My dad is a winemaker and an alcoholic. As children, his drinking led to emotional and verbal abuse, poured on my mother and then myself and my sister. I have tried to take steps to leave the past behind and remember that I don't have to identify with his struggle, by letting the hurt eat away at me and my chance for a happy life. Well, being in this house - all of us - has forced skeletons out of the closest.

My dad's drinking in the evenings is triggering - not my alcoholism, but that small scared child who recognized when the abuse was about to commence. He drinks in the evenings, passes out for an hour, misses out on the time he says he was looking forward to spending with his grandchildren, rinse and repeat. You all know the cycle.

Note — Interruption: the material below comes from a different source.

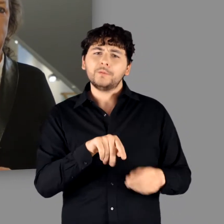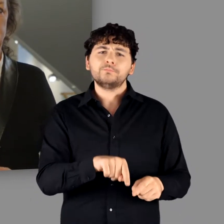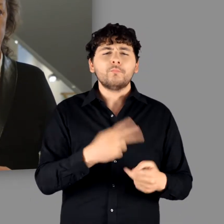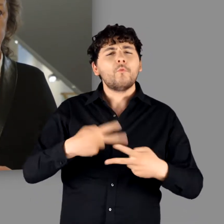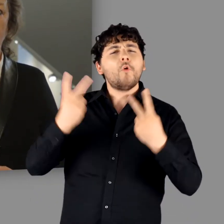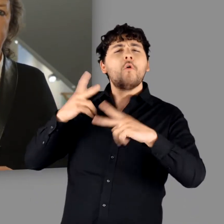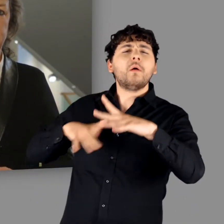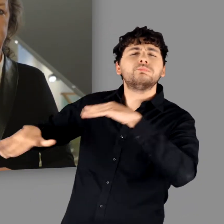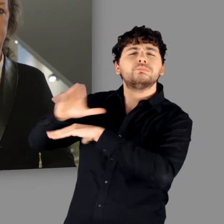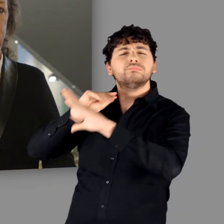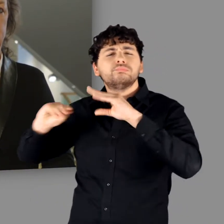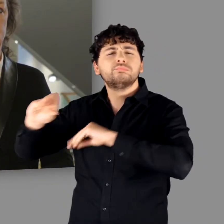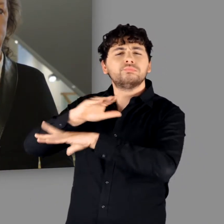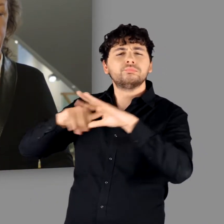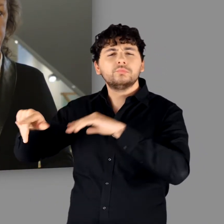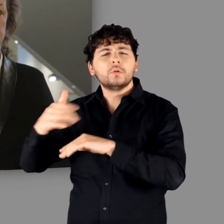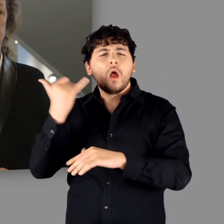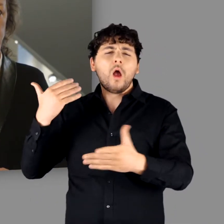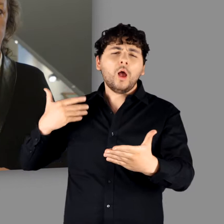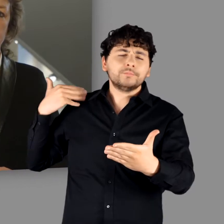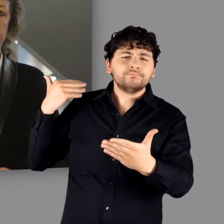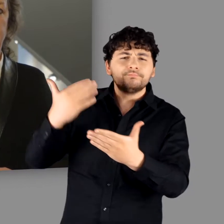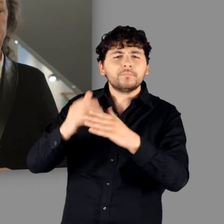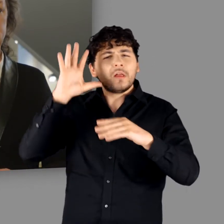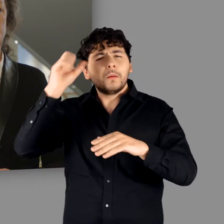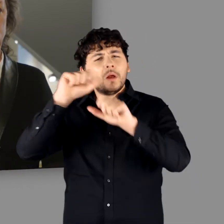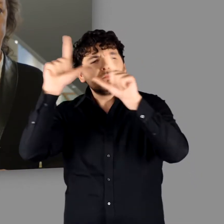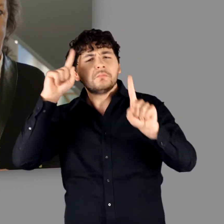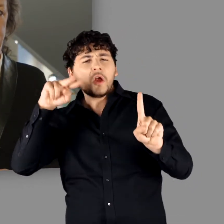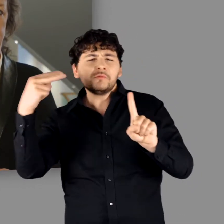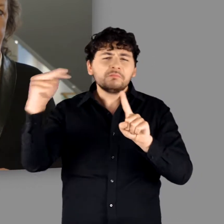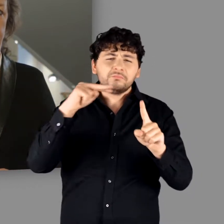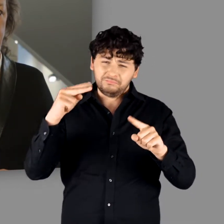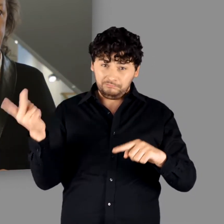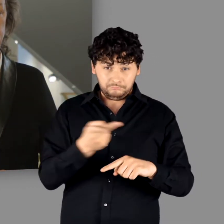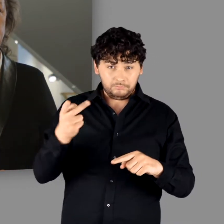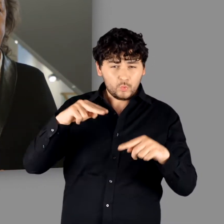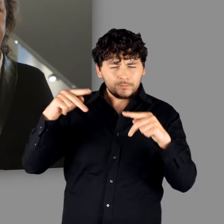das in der öffentlichen Wahrnehmung seit Jahrzehnten zum Teil sehr kontrovers behandelt wird.

This evening and a few glasses in, he bullied my mom for not pouring my sister a glass of chardonnay when she arrived from her grueling job at the hospital. His tone of voice, his mannerisms and vicious speech, all familiar and triggering, finally caused eruption in me. I told him to stop bullying my mother who tried, as usual, to downplay what was happening. All the trauma, all the hurt and anger came out. Cross words were spoken, him drunk and trying to bat away my accusations by deflecting onto me, me telling him he is bringing the same abuse we grew up with in the house where his grandchildren are. I won't go into every word spoken. What I will say is I feel raw, exposed and livid. And I am decided that my life is better when he is not around me.

So I am resolved right now to stop contact and avoid him. It hurts, despite how angry and resentful I am, but I want to move on and forward, and I cannot do that when he is drinking and bullying still. He will not accept accountability for his behavior and I cannot force him to. So I feel that is my only option and it is the right one to take.

Has anyone else had to create distance from a parent? I don't know if this is permanent for me, but it's certainly a long-term one. I feel bad because he is my dad, and he will tell you he was a wonderful father but my experience tells me otherwise. I am not punishing him for not being the father I would have liked him to be. I am trying to do what's best for my well-being, and what I know for certain is that being around him makes me unhappy and uncomfortable.

I want to go home this very instant. Thankfully, I have one more day here and then I head home on Wednesday.

Thank you for reading and caring, as always.